## Problem to solve
Of the entries below, return exactly those lines that fall between the one containing "Color fundus photograph;" and the one containing "dr_impression: No DR findings", the two end lines included.
--- Exercise input Enclosed Below ---
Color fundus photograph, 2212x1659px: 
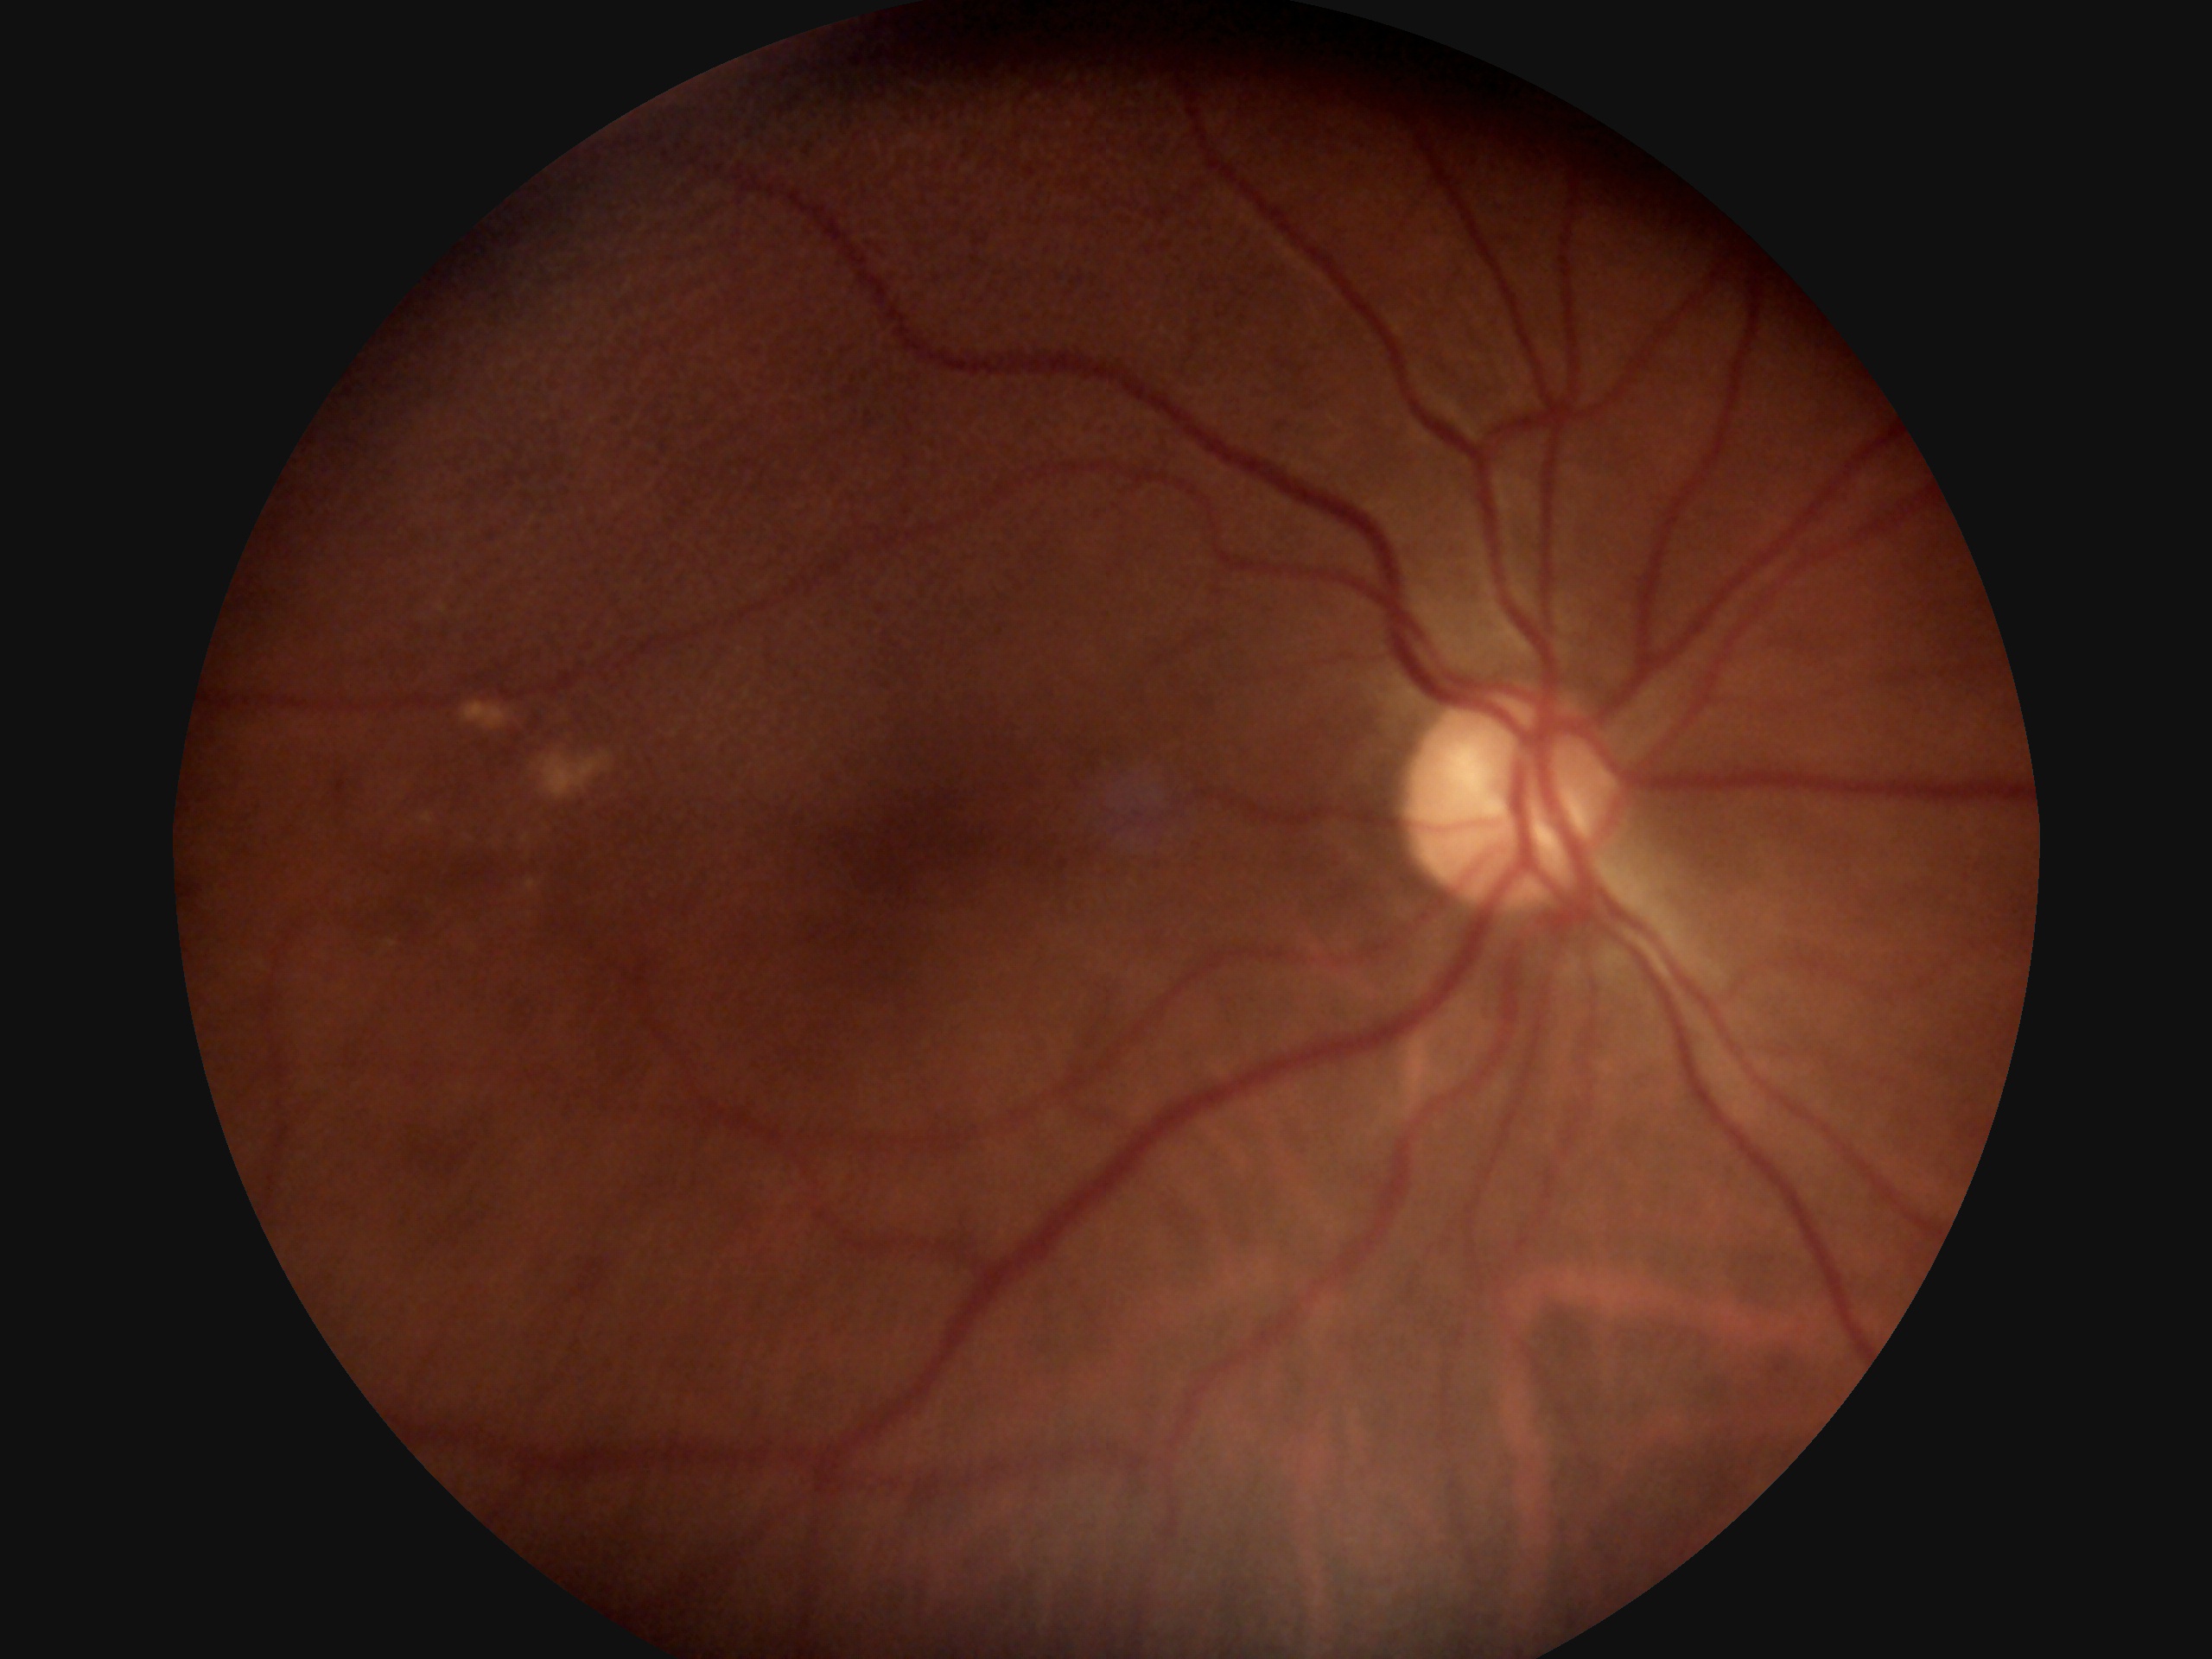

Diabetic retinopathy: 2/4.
--- End of Enclosed Exercise input ---
--- Exercise input Enclosed Below ---
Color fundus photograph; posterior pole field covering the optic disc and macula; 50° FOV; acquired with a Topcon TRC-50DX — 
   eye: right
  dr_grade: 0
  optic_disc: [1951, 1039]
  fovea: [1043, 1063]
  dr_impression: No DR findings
--- End of Enclosed Exercise input ---
## Exercise solution
Color fundus photograph; posterior pole field covering the optic disc and macula; 50° FOV; acquired with a Topcon TRC-50DX — 
   eye: right
  dr_grade: 0
  optic_disc: [1951, 1039]
  fovea: [1043, 1063]
  dr_impression: No DR findings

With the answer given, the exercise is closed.